The required output is the exact run of lines in the listing below from the line holding "[diagram: CAD part, four" through the line holding "Assembly tree (53", with no pictures.

** EXTRACTED DATA follows **

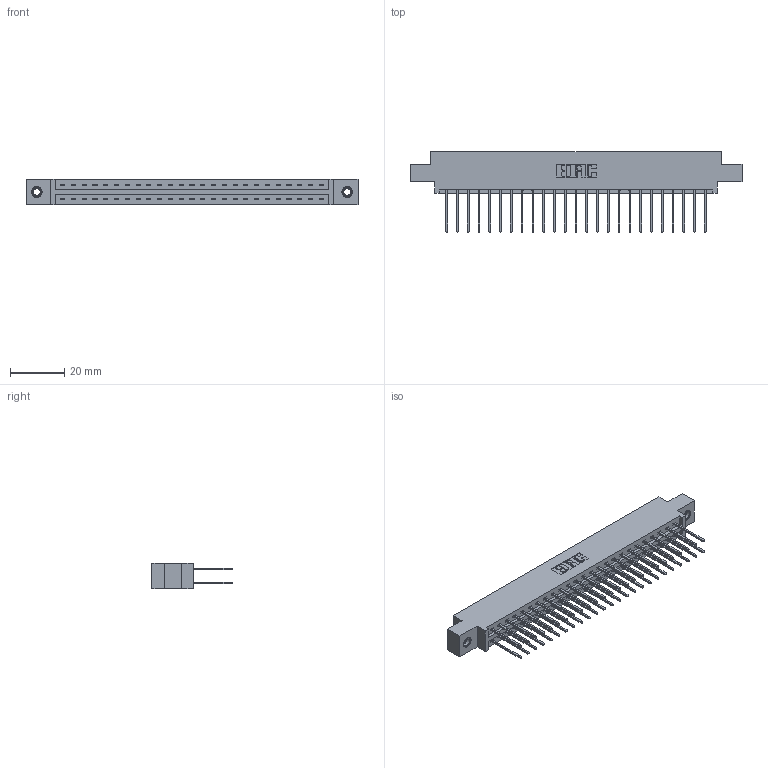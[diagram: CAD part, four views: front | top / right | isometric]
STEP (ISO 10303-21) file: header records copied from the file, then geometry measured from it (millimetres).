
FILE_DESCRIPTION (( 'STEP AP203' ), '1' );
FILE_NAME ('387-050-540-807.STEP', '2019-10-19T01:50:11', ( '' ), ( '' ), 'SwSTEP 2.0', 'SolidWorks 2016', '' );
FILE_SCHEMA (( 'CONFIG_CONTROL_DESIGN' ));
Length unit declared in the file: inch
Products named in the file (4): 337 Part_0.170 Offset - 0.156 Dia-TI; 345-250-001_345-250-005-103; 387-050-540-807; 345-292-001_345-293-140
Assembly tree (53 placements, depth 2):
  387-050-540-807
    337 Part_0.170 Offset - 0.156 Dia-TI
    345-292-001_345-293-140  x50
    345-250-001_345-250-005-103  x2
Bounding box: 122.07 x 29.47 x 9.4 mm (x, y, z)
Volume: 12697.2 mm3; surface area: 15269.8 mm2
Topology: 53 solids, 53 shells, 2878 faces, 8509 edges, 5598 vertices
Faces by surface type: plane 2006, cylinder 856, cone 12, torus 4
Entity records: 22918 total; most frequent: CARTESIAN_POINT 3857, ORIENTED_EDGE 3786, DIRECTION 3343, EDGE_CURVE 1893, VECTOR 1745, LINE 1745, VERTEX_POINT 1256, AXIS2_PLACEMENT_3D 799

** End of EXTRACTED DATA **
** EXTRACTED DATA follows **

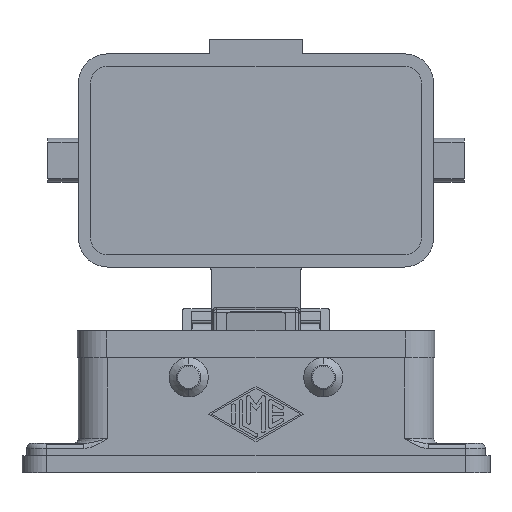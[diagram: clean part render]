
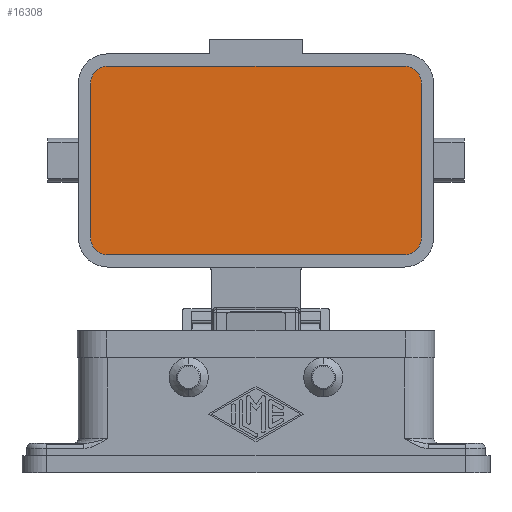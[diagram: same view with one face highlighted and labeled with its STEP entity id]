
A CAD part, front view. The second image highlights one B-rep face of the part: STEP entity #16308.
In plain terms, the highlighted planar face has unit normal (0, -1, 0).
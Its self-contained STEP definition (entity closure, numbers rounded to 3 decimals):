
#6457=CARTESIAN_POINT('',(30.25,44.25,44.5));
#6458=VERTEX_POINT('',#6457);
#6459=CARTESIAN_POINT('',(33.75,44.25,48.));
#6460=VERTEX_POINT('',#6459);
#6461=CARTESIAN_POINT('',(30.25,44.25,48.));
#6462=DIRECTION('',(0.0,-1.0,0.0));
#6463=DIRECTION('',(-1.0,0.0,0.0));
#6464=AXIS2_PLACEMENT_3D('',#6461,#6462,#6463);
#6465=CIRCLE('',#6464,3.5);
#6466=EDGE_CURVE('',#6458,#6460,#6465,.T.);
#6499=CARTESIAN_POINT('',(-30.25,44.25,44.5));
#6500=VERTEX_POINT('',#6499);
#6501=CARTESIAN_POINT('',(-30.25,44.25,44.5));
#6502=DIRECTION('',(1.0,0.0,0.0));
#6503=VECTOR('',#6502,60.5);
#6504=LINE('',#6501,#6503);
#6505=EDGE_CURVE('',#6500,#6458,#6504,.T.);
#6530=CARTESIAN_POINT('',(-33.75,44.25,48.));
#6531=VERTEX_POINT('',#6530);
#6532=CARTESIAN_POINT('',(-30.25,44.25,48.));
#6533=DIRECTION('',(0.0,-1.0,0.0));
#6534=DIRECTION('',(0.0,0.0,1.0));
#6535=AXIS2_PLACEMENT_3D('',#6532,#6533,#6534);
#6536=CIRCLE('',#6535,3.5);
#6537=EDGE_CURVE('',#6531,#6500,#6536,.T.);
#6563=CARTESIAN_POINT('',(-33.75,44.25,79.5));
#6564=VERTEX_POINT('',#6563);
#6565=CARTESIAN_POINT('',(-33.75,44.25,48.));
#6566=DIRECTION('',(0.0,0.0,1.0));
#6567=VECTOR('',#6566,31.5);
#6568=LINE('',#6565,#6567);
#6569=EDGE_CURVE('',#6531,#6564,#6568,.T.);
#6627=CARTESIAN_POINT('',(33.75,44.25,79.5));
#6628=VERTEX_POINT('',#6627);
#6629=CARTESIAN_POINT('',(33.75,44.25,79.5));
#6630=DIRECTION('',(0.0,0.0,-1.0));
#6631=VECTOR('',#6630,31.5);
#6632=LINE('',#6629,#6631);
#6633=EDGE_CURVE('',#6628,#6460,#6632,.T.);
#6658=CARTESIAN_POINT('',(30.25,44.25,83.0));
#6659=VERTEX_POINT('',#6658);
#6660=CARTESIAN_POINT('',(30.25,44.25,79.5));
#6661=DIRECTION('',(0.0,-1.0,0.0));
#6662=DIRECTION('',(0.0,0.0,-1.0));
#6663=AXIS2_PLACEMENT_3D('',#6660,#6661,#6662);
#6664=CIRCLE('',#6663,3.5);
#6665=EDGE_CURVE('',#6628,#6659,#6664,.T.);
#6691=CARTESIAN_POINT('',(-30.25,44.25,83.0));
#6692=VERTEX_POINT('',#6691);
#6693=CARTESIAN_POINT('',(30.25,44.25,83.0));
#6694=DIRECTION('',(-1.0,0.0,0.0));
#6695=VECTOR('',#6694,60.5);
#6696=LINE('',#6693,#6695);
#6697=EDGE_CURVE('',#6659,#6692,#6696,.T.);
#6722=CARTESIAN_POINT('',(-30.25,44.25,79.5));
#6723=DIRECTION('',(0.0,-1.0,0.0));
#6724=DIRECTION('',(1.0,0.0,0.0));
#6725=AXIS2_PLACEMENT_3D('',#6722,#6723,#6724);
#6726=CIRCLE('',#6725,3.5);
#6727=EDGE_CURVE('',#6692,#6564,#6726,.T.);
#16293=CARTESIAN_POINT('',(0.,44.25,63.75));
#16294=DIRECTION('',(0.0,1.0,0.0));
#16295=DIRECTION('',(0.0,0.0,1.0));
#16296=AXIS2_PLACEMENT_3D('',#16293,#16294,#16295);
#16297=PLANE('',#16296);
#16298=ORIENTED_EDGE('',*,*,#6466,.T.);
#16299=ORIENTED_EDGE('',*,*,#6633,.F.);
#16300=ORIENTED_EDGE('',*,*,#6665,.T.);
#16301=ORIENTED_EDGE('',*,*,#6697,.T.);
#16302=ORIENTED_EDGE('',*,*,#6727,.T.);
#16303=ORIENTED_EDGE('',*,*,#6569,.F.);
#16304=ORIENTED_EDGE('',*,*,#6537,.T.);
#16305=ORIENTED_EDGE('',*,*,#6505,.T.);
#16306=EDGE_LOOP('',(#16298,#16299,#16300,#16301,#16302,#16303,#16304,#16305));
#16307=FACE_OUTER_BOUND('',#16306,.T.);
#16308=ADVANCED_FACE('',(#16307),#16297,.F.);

** End of EXTRACTED DATA **

> _OUTPUT BELOW_
[diagram: CAD part, four views: front | top / right | isometric]
STEP (ISO 10303-21) file: header records copied from the file, then geometry measured from it (millimetres).
FILE_DESCRIPTION (( 'STEP AP203' ), '1' );
FILE_NAME ('387-050-540-807.STEP', '2019-10-19T01:50:11', ( '' ), ( '' ), 'SwSTEP 2.0', 'SolidWorks 2016', '' );
FILE_SCHEMA (( 'CONFIG_CONTROL_DESIGN' ));
Length unit declared in the file: inch
Products named in the file (4): 337 Part_0.170 Offset - 0.156 Dia-TI; 345-250-001_345-250-005-103; 387-050-540-807; 345-292-001_345-293-140
Assembly tree (53 placements, depth 2):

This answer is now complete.